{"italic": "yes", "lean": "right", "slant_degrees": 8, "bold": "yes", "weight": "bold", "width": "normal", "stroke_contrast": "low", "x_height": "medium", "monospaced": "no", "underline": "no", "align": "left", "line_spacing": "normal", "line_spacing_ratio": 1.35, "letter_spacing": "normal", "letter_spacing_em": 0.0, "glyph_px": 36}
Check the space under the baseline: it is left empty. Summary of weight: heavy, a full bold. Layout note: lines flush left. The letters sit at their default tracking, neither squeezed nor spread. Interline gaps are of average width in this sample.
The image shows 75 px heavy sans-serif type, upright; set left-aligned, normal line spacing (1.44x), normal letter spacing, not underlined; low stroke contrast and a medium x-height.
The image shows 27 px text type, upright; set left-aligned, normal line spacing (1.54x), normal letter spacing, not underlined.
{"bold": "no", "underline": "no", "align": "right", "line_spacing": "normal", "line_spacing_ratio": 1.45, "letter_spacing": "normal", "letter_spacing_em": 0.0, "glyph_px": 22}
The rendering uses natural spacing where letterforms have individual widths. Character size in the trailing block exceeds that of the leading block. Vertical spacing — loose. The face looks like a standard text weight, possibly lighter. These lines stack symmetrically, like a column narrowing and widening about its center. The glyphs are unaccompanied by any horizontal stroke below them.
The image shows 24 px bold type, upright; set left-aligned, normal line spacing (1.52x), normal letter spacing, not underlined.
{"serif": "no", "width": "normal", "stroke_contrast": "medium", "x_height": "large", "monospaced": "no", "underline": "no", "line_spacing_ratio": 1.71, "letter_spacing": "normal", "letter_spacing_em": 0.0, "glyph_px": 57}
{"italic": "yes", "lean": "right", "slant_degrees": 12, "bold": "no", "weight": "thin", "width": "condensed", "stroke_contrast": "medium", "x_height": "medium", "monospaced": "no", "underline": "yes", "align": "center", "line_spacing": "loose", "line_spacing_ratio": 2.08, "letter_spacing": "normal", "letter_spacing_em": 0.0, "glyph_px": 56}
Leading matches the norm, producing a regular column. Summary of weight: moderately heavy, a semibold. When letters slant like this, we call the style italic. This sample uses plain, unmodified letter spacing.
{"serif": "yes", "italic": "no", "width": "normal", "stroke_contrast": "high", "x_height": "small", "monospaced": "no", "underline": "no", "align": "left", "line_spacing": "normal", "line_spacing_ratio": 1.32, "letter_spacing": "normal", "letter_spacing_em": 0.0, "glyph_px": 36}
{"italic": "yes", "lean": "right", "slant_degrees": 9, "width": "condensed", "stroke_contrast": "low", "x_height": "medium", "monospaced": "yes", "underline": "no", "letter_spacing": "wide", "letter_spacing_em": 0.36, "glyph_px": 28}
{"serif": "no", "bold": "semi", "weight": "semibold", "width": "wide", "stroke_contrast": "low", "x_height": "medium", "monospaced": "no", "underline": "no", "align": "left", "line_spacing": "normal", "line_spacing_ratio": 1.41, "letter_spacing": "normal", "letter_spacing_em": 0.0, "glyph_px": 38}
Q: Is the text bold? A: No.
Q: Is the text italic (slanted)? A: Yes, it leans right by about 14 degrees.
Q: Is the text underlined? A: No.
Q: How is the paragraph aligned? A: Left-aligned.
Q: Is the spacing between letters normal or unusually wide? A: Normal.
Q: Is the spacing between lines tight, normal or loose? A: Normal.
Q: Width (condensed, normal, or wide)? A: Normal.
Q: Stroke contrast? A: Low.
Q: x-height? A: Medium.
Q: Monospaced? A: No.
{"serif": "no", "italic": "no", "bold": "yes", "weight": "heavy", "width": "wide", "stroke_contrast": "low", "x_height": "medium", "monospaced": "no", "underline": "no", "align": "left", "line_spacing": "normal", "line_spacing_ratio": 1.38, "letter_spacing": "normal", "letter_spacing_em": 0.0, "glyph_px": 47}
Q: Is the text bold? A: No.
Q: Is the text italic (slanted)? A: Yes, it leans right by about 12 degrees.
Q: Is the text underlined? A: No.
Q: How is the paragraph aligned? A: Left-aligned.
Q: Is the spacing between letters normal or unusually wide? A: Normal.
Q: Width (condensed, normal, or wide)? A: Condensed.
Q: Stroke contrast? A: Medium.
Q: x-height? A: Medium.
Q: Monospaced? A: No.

====

** About this task **
Copy each line of the listing verbatim.

** Your response **
{"italic": "yes", "lean": "right", "slant_degrees": 8, "bold": "yes", "weight": "bold", "width": "normal", "stroke_contrast": "low", "x_height": "medium", "monospaced": "no", "underline": "no", "align": "left", "line_spacing": "normal", "line_spacing_ratio": 1.35, "letter_spacing": "normal", "letter_spacing_em": 0.0, "glyph_px": 36}
Check the space under the baseline: it is left empty. Summary of weight: heavy, a full bold. Layout note: lines flush left. The letters sit at their default tracking, neither squeezed nor spread. Interline gaps are of average width in this sample.
The image shows 75 px heavy sans-serif type, upright; set left-aligned, normal line spacing (1.44x), normal letter spacing, not underlined; low stroke contrast and a medium x-height.
The image shows 27 px text type, upright; set left-aligned, normal line spacing (1.54x), normal letter spacing, not underlined.
{"bold": "no", "underline": "no", "align": "right", "line_spacing": "normal", "line_spacing_ratio": 1.45, "letter_spacing": "normal", "letter_spacing_em": 0.0, "glyph_px": 22}
The rendering uses natural spacing where letterforms have individual widths. Character size in the trailing block exceeds that of the leading block. Vertical spacing — loose. The face looks like a standard text weight, possibly lighter. These lines stack symmetrically, like a column narrowing and widening about its center. The glyphs are unaccompanied by any horizontal stroke below them.
The image shows 24 px bold type, upright; set left-aligned, normal line spacing (1.52x), normal letter spacing, not underlined.
{"serif": "no", "width": "normal", "stroke_contrast": "medium", "x_height": "large", "monospaced": "no", "underline": "no", "line_spacing_ratio": 1.71, "letter_spacing": "normal", "letter_spacing_em": 0.0, "glyph_px": 57}
{"italic": "yes", "lean": "right", "slant_degrees": 12, "bold": "no", "weight": "thin", "width": "condensed", "stroke_contrast": "medium", "x_height": "medium", "monospaced": "no", "underline": "yes", "align": "center", "line_spacing": "loose", "line_spacing_ratio": 2.08, "letter_spacing": "normal", "letter_spacing_em": 0.0, "glyph_px": 56}
Leading matches the norm, producing a regular column. Summary of weight: moderately heavy, a semibold. When letters slant like this, we call the style italic. This sample uses plain, unmodified letter spacing.
{"serif": "yes", "italic": "no", "width": "normal", "stroke_contrast": "high", "x_height": "small", "monospaced": "no", "underline": "no", "align": "left", "line_spacing": "normal", "line_spacing_ratio": 1.32, "letter_spacing": "normal", "letter_spacing_em": 0.0, "glyph_px": 36}
{"italic": "yes", "lean": "right", "slant_degrees": 9, "width": "condensed", "stroke_contrast": "low", "x_height": "medium", "monospaced": "yes", "underline": "no", "letter_spacing": "wide", "letter_spacing_em": 0.36, "glyph_px": 28}
{"serif": "no", "bold": "semi", "weight": "semibold", "width": "wide", "stroke_contrast": "low", "x_height": "medium", "monospaced": "no", "underline": "no", "align": "left", "line_spacing": "normal", "line_spacing_ratio": 1.41, "letter_spacing": "normal", "letter_spacing_em": 0.0, "glyph_px": 38}
Q: Is the text bold? A: No.
Q: Is the text italic (slanted)? A: Yes, it leans right by about 14 degrees.
Q: Is the text underlined? A: No.
Q: How is the paragraph aligned? A: Left-aligned.
Q: Is the spacing between letters normal or unusually wide? A: Normal.
Q: Is the spacing between lines tight, normal or loose? A: Normal.
Q: Width (condensed, normal, or wide)? A: Normal.
Q: Stroke contrast? A: Low.
Q: x-height? A: Medium.
Q: Monospaced? A: No.
{"serif": "no", "italic": "no", "bold": "yes", "weight": "heavy", "width": "wide", "stroke_contrast": "low", "x_height": "medium", "monospaced": "no", "underline": "no", "align": "left", "line_spacing": "normal", "line_spacing_ratio": 1.38, "letter_spacing": "normal", "letter_spacing_em": 0.0, "glyph_px": 47}
Q: Is the text bold? A: No.
Q: Is the text italic (slanted)? A: Yes, it leans right by about 12 degrees.
Q: Is the text underlined? A: No.
Q: How is the paragraph aligned? A: Left-aligned.
Q: Is the spacing between letters normal or unusually wide? A: Normal.
Q: Width (condensed, normal, or wide)? A: Condensed.
Q: Stroke contrast? A: Medium.
Q: x-height? A: Medium.
Q: Monospaced? A: No.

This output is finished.